Alexis Lafrenière (, born October 11, 2001) is a Canadian professional ice hockey left winger for the New York Rangers of the National Hockey League (NHL). Selected first overall by the Rimouski Océanic of the Quebec Major Junior Hockey League (QMJHL) in 2017, he was awarded the QMJHL Rookie of the Year award and was named to the First All-Star team in his rookie season. He was selected first overall by the Rangers in the 2020 NHL Entry Draft and made his NHL debut with the team in 2021.

Lafrenière has represented Canada internationally at the 2018 IIHF World U18 Championships, 2018 Hlinka Gretzky Cup, 2019 World Junior Ice Hockey Championships, and the 2020 World Junior Ice Hockey Championships. As the captain of the Canadian national junior team, Lafrenière led them to a gold medal at the Hlinka Gretzky Cup.

Playing career

QMJHL

Lafrenière was selected first overall in the 2017 QMJHL entry draft by Rimouski Océanic. In his rookie season, he scored 42 goals, the most goals scored by a rookie since Sidney Crosby in 2004. He was awarded the RDS Cup as QMJHL rookie of the year and was named to the First All-Star team.

NHL
Following the shortened 2019–20 QMJHL season, Lafrenière was considered the consensus first overall pick for the 2020 NHL Entry Draft having led the league in scoring with 112 points. He was eventually drafted first overall by the New York Rangers on October 6, 2020, becoming their first-ever first overall pick in the entry draft era. On October 12, Lafrenière signed an entry-level contract with the Rangers. 

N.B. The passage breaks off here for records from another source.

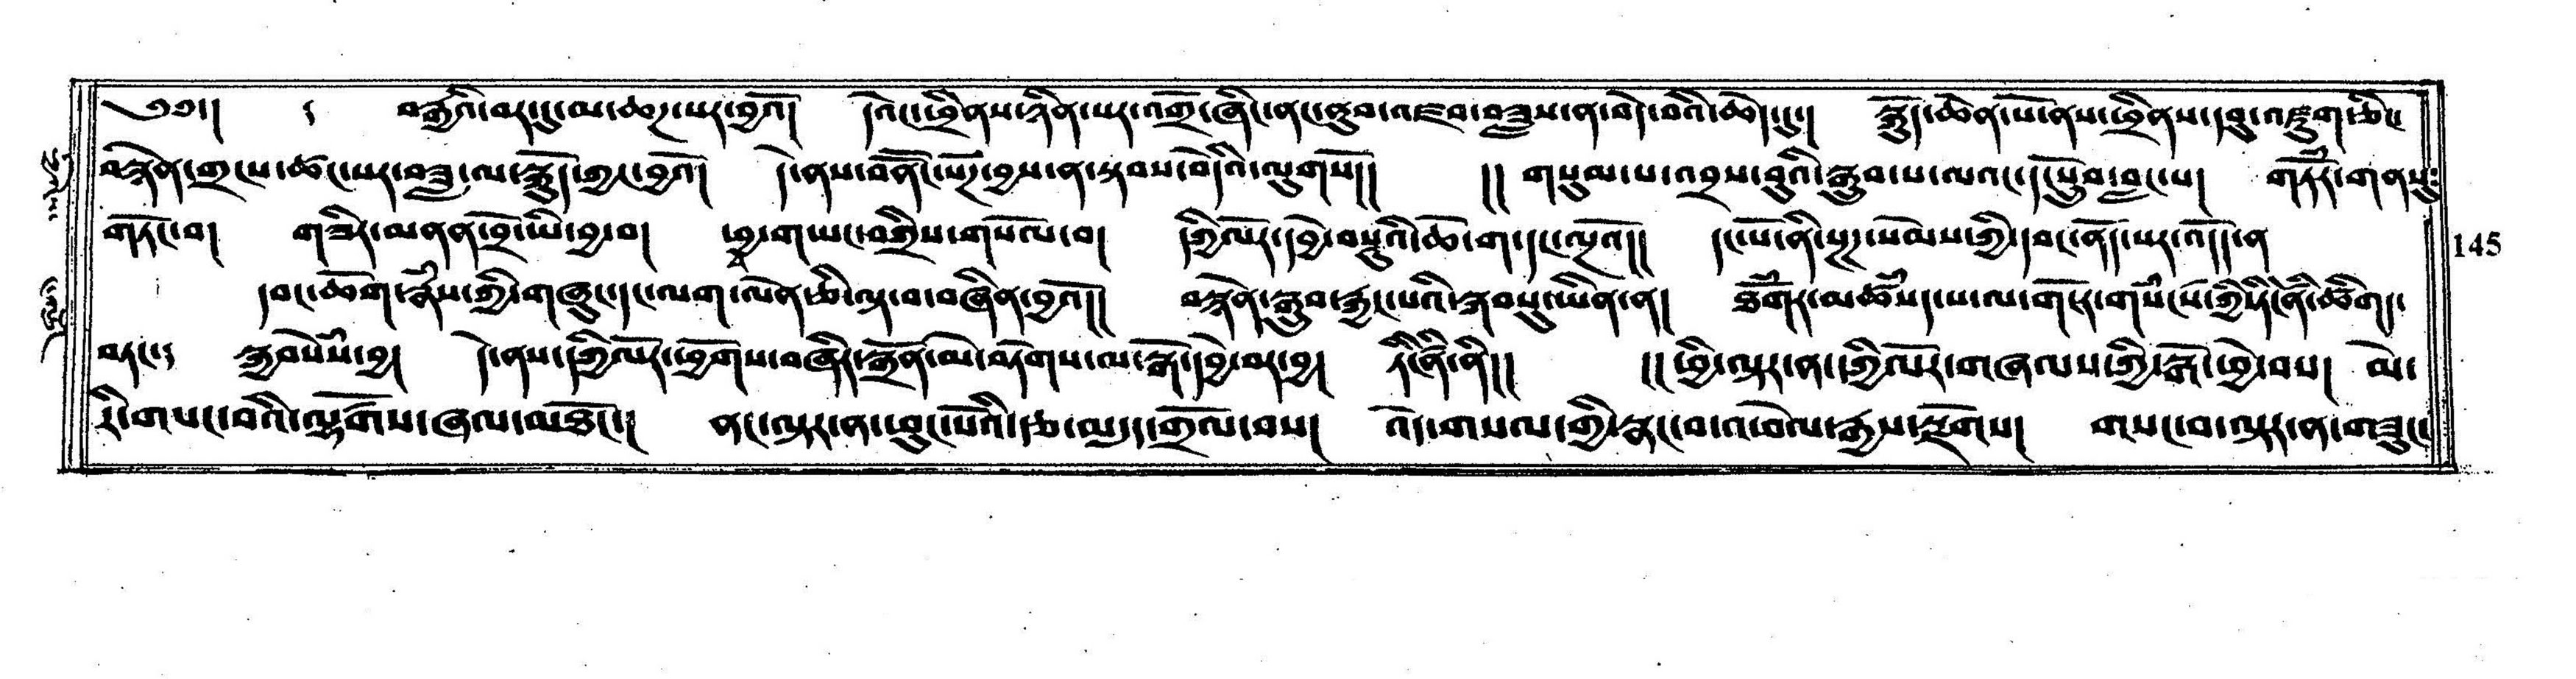བརྒྱའི་བར་དུ་མ་ཆག་པར་བྱའོ། དེའང་ཕྲིན་ལས་ཉིན་པར་འགྲོ་ཞིང་ནང་ནུབ་འཛབ་བཟླས་ན་བདེ་བའི་ཆེད་དུ། སྐུ་བསྟོད་ཆེན་པོ་ནས་ཕྲིན་ལས་དབུ་འཛུག་ཅིང་
བསྙེན་གྲངས་ཚང་པར་བཟླ་ལ་སྐུ་བསྟོད་ཀྱང་བྱའོ། དེ་ནས་བོན་སྐྱོང་སོགས་བྱས་ན་སྟབས་བདེའི་ལུགས་སོ།། །།།གསུམ་པ་འབྲས་བུའི་སྒྲུབ་པ་ལའང་དངོས་གྲུབ་བླང་པ། གཏོར་མ་གནས་སུ་
གཏོང་བ། གཟིར་མནན་བྲོ་ཡི་བྱ་བ། ཕྱྭ་གཡང་བཀྲ་ཤིས་གསོལ་བ། དཀྱིལ་འཁོར་དབྱེ་བསྡུའི་ཆོ་ག་དང་ལྔའོ།། དང་པོ་ནི་སྔགས་སེམས་ཀྱི་དབང་ནོད་པར་འདོད་ན་
དབང་ཆོག་རྣམས་ཀྱི་གཞུང་དང་ལག་ལེན་ཅི་ལྟ་བ་བཞིན་བྱའོ།། བསྙེན་སྒྲུབ་རྐྱང་པའི་སྐབས་སུ་ཡིན་ན། ཐོག་མར་མཚམས་བཅད་པ་ལ་གོང་ལྟར་གསང་མཚམས་ཀྱི་ཏིང་ངེ་འཛིན་ཚིག་བཤད་
བཏང་། སྐྱབས་སེམས་བྱ། དེ་ནས་དཀྱིལ་འཁོར་ཕྱོགས་བཞིར་སྒྲོན་མེ་བཏེགས་ལ་སྒོ་དབྱེ་བར་བྱ། ཏིང་ངེ་འཛིན།། །།ཕྱི་ལྟར་ན་དཀྱིལ་འཁོར་གཞལ་ཡས་ཀྱི་སྒོ་ཕྱེ་བས། མེ་
རི་གསང་བའི་ལྷ་ཚོགས་ཞལ་མཐོང་། ནང་ལྟར་ན་ཕུང་པོའི་རྩ་མདུད་གྲོལ་བས། འོད་གསལ་གྱི་སྣང་བ་འཕེལ་རྒྱས་རྫོགས། གསང་བ་ལྟར་ན་གཟུང་
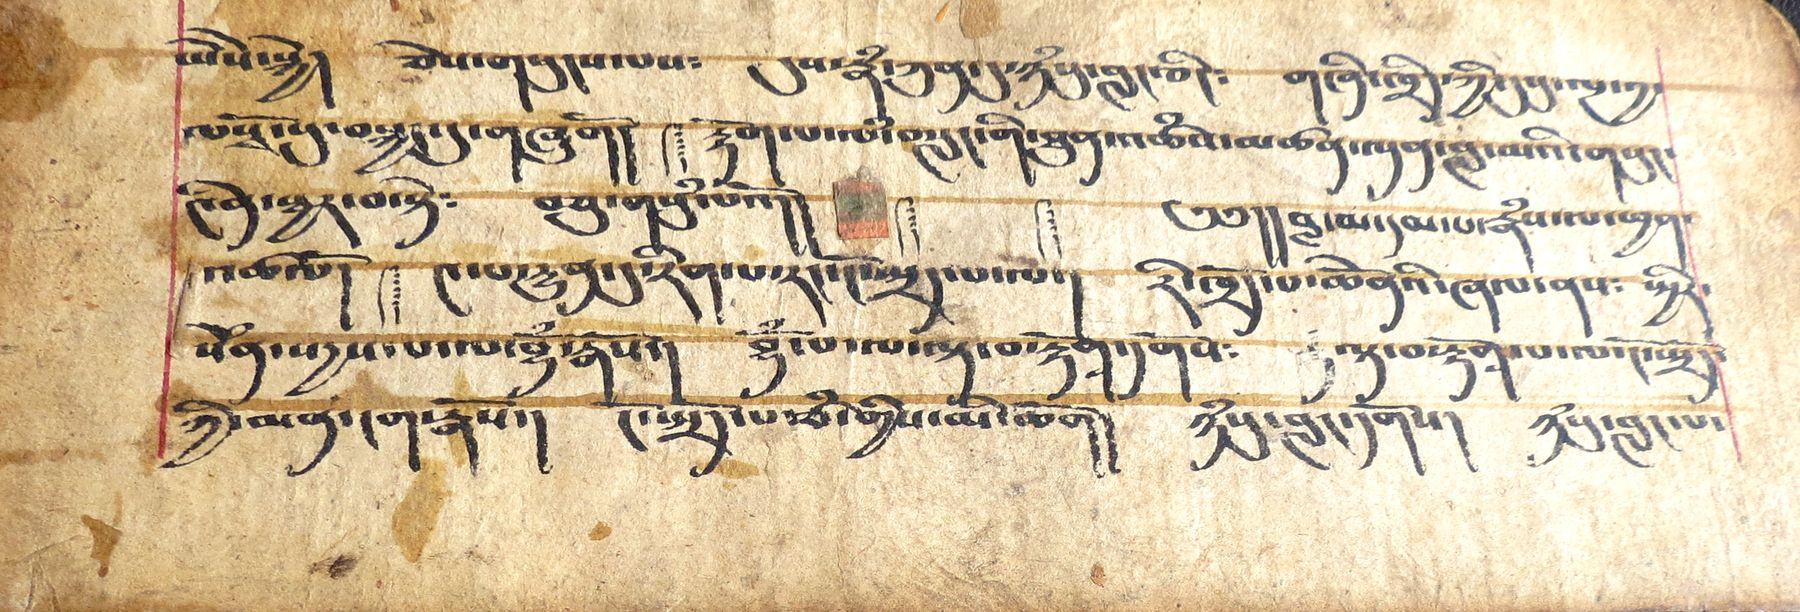ཡེ་ཤེས་སྐྱེ། ཞེས་གསུངས་པས། དུས་རྣམ་ཀུན་ཏུ་ཉམས་སུ་བླངས་ཤིང་། གཞི་ཁྲིད་ཀྱི་དུས་ལྔ་བདུན་
ལ་སོགས་སུ་སྦྱང་དུ་གཞུག་གོ ། རྟོག་པ་ལམ་སློང་གི་ཐུན་མཚམས་མཚན་ལྡན་བླ་མའི་གསུངས་
བཞིན་སྤྱར་བ་སྟེ། བཅུ་གསུམ་པའོ། ། བླ་མ་དམ་པ་རྣམས་ལ་ཕྱག་
འཚལ་ལོ། བཞི་པ་རྒྱུན་དུ་རིག་པ་རང་ངོ་སྤྲོད་པ་ལ། རི་ཁྲོད་པ་ཆེན་པོའི་ཞལ་ནས། སྤྱིར་
སེམས་ཅན་སངས་རྒྱས་པ་ལ་བསྒོམ་དགོས། སྒོམ་པ་ལ་ལྟ་བ་རྟོགས་དགོས། ལྟ་བ་རྟོགས་པ་ངོ་སྤྲོད་
ཀྱི་མན་ངག་དགོས། དེ་ཡང་ངོ་སྤྲད་པ་ཙམ་གྱིས་མི་ཆོག་ཉམས་སུ་བླང་དགོས། ཉམས་སུ་བླངས་པ་
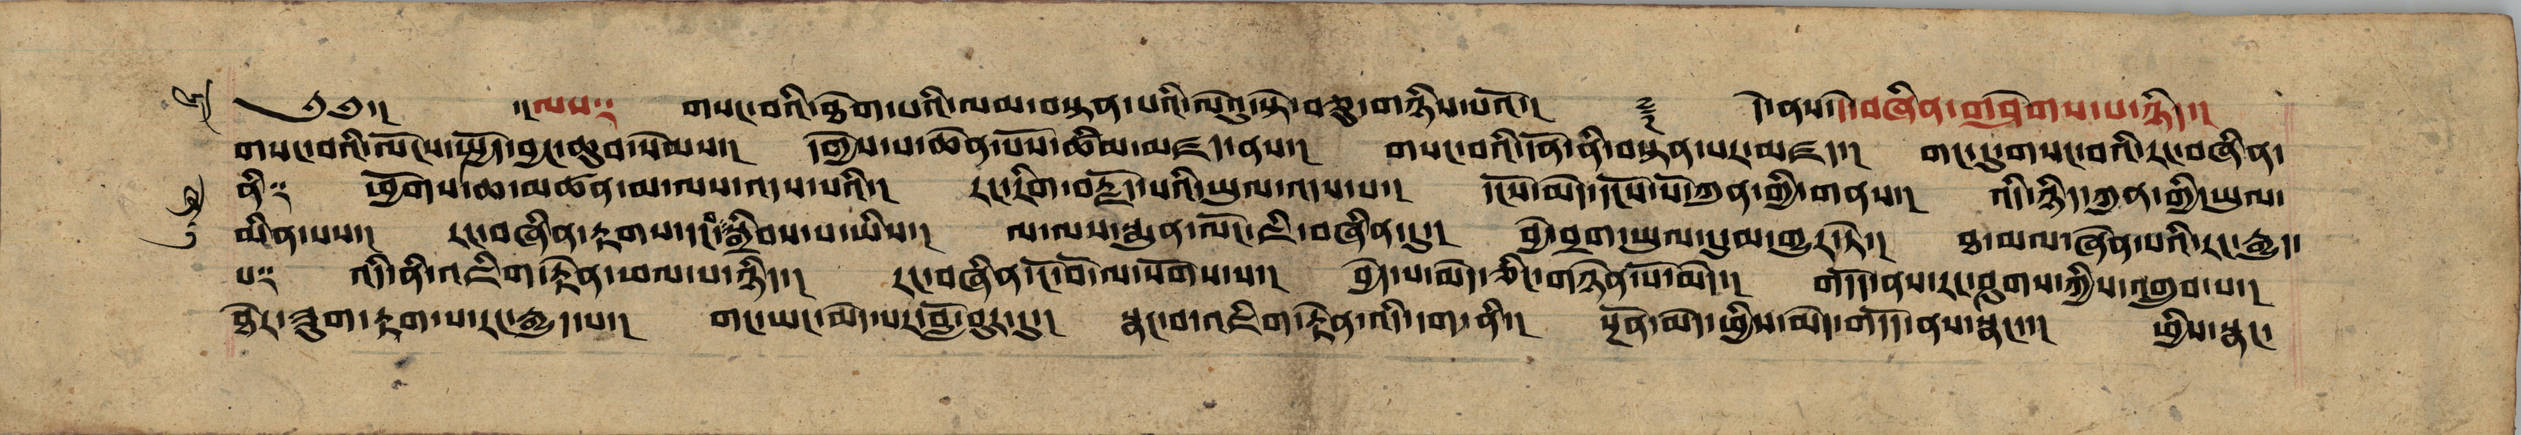༄༅་། ་།ལས༑ གསང་བའི་ཐེག་པའི་ལམ་བསྟན་པའི་ལེའུ་སྟེ་བཅུ་གཉིས་པའོ་། ࿑ དེ་ནས་དེ་བཞིན་གཤེགས་པ་ཉིད་།
གསང་བའི་ལོངས་སྤྱོད་བྱང་ཆུབ་སེམས་། དགྱེས་པ་ཆེན་པོས་ཚིམ་མཛད་ནས་། གསང་བའི་དོན་ནི་བསྟན་པར་མཛད་། གང་དུ་གསང་བའི་རང་བཞིན་
ནི༑ ཕྱོགས་ཆ་མཚན་མ་ལས་འདས་པའི་། རང་རིག་བརྗོད་པའི་ཡུལ་འདས་པ་། དངོས་མེད་དངོས་པོ་ཀུན་གྱི་གནས་། འདི་ཉིད་ཀུན་གྱི་ཡུལ་
མིན་པས་། རང་བཞིན་རྟགས་དང་བསྒྲིབས་པ་ཡིས་། ལ་ལས་སྨུན་ལོང་ཇི་བཞིན་དུ་། བྱེ་བྲག་ཡུལ་དུ་མ་གྱུར་ཏེ་། ཐ་མལ་ཞེན་པའི་རང་རྒྱུད་
པ༑ འདི་ནི་འཇིག་རྟེན་ཕལ་པ་ཉིད་། རང་བཞིན་ངོ་བོ་ལ་སོགས་པ་། བྱེད་པ་མེད་ཅིང་གཉེན་པོ་མེད་། གདོད་ནས་རང་ཤུགས་ཀྱིས་འགྲུབ་པ་།
ཐེར་ཟུག་རྟག་པ་རང་རྒྱུད་པ་། གང་ཡང་མེད་པར་བློ་བུར་དུ་། སྣང་བ་འཇིག་རྟེན་འདི་དག་ནི་། སྔོན་མེད་ཕྱིས་མེད་གདོད་ནས་སྣང་་། ཕྱིས་སྣང་
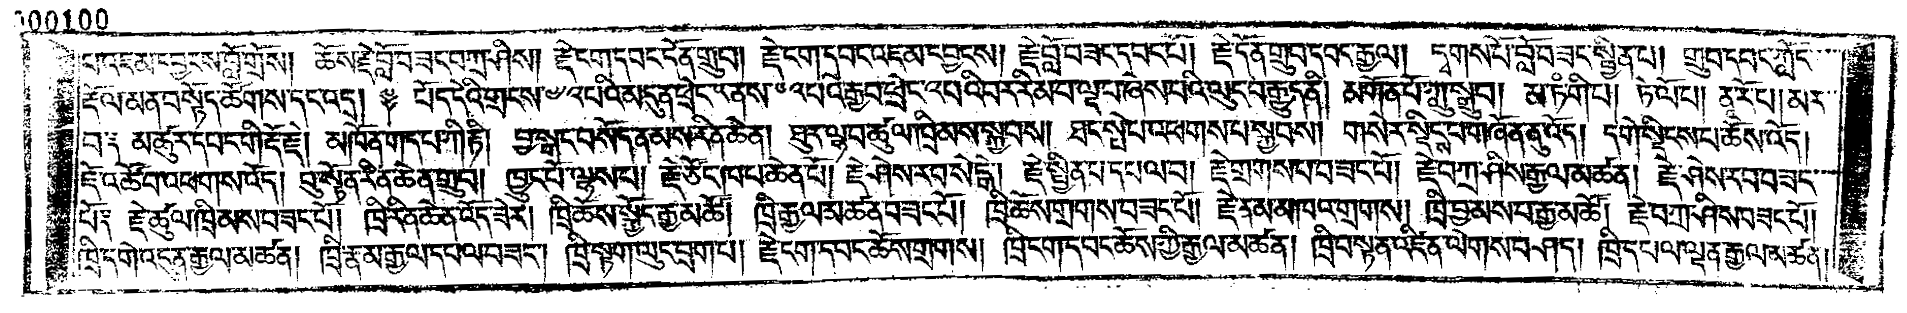པ་འཇམ་དབྱངས་བློ་གྲོས། ཆོས་རྗེ་བློ་བཟང་བཀྲ་ཤིས། རྗེ་ངག་དབང་དོན་གྲུབ། རྗེ་ངག་དབང་འཇམ་དབྱངས། རྗེ་བློ་བཟང་དབང་པོ། རྗེ་དོན་གྲུབ་དབང་རྒྱལ། དྭགས་པོ་བློ་བཟང་སྦྱིན་པ། གྲུབ་དབང་ཀློང་
རྡོལ་མན་བསྟོད་ཚོགས་དང་འདྲ། ༈ པོད་དེའི་གྲངས ༤༢་པའི་མདུན་ཕྲེང ༥་ནས ༦༢་པའི་རྒྱབ་ཕྲེང ༢་པའི་བར་རིམ་པ་ལྔ་པ་ཞེས་པའི་ལུང་བརྒྱུད་ནི། མགོན་པོ་ཀླུ་སྒྲུབ། མ་ཏཾ་གི་པ། ཏེ་ལོ་པ། ནཱ་རོ་པ། མར་
བ༑ མཚུར་དབང་གི་རྡོ་རྗེ། མཁོན་གད་པ་ཀིརྟི། བྱ་སྒང་བསོད་ནམས་རིན་ཆེན། ཐུར་ལྷ་བ་ཚུལ་ཁྲིམས་སྐྱབས། ཐང་སྤེ་པ་འཕགས་པ་སྐྱབས། གསེར་སྡིངས་པ་གཞོན་ནུ་འོད། དགེ་སྡིགས་པ་ཆོས་འོད།
ཇོ་འཚོ་བ་འཕགས་འོད། བུ་སྟོན་རིན་ཆེན་གྲུབ། ཁྱུང་པོ་ལྷས་པ། རྗེ་ཙོང་ཁ་པ་ཆེན་པོ། རྗེ་ཤེས་རབ་སེངྒེ། རྗེ་སྤྱིན་པ་དཔལ་བ། རྗེ་གྲགས་པ་བཟང་པོ། རྗེ་བཀྲ་ཤིས་རྒྱལ་མཚན། རྗེ་ཤེས་རབ་བཟང་
པོ༑ རྗེ་ཚུལ་ཁྲིམས་བཟང་པོ། ཁྲི་རིན་ཆེན་འོད་ཟེར། ཁྲི་ཆོས་སྐྱོང་རྒྱ་མཚོ། ཁྲི་རྒྱལ་མཚན་བཟང་པོ། ཁྲི་ཆོས་གྲགས་བཟང་པོ། རྗེ་ནམ་མཁའ་གྲགས། ཁྲི་བྱམས་པ་རྒྱ་མཚོ། རྗེ་བཀྲ་ཤིས་བཟང་པོ།
ཁྲི་དགེ་འདུན་རྒྱལ་མཚན། ཁྲི་རྣམ་རྒྱལ་དཔལ་བཟང་། ཁྲི་སྟག་ལུང་བྲག་པ། རྗེ་ངག་དབང་ཆོས་གྲགས། ཁྲི་ངག་དབང་ཆོས་ཀྱི་རྒྱལ་མཚན། ཁྲི་བསྟན་འཛིན་ལེགས་བཤད། ཁྲི་དཔལ་ལྡན་རྒྱལ་མཚན།

On January 14, 2021, Lafrenière made his NHL debut with the New York Rangers, logging one shot on goal in the 4–0 loss to the New York Islanders. On January 28, 2021, Lafrenière scored his first NHL goal in a 3–2 overtime win against the Buffalo Sabres. He became the first Ranger to score his first career NHL goal in overtime since Mats Zuccarello did on January 5, 2011. Lafrenière also became the youngest player in NHL history to score their first career goal in overtime (19 years, 109 days old). The only other teenage player to do that was Cody Ceci (also 19) in 2013.
 	
On May 7, 2022, Lafrenière scored his first career playoff goal during the Game 4 of the Stanley Cup playoffs against the Pittsburgh Penguins. At 20 years and 208 days, he became the youngest Ranger with a playoff point since Steven Rice (19 years, 322 days) in 1991.

International play

 

Lafrenière was the youngest player selected for Team Canada's U18 team at the 2018 IIHF World U18 Championships at the age of 16. He later captained Team Canada at the 2018 Hlinka Gretzky Cup tournament, despite being the second youngest on the roster. Lafreniere led the tournament with 11 points in five games, helping Canada win gold.

In December 2018, Lafrenière was named to Team Canada's 2019 IIHF World Junior Championship roster. He was the youngest member on the roster and the ninth-youngest forward ever to represent Canada in the World Juniors. He scored his first, and only, goal of the tournament during Canada's 5–1 win over the Czech Republic. Canada was later eliminated by Team Finland in the quarterfinals.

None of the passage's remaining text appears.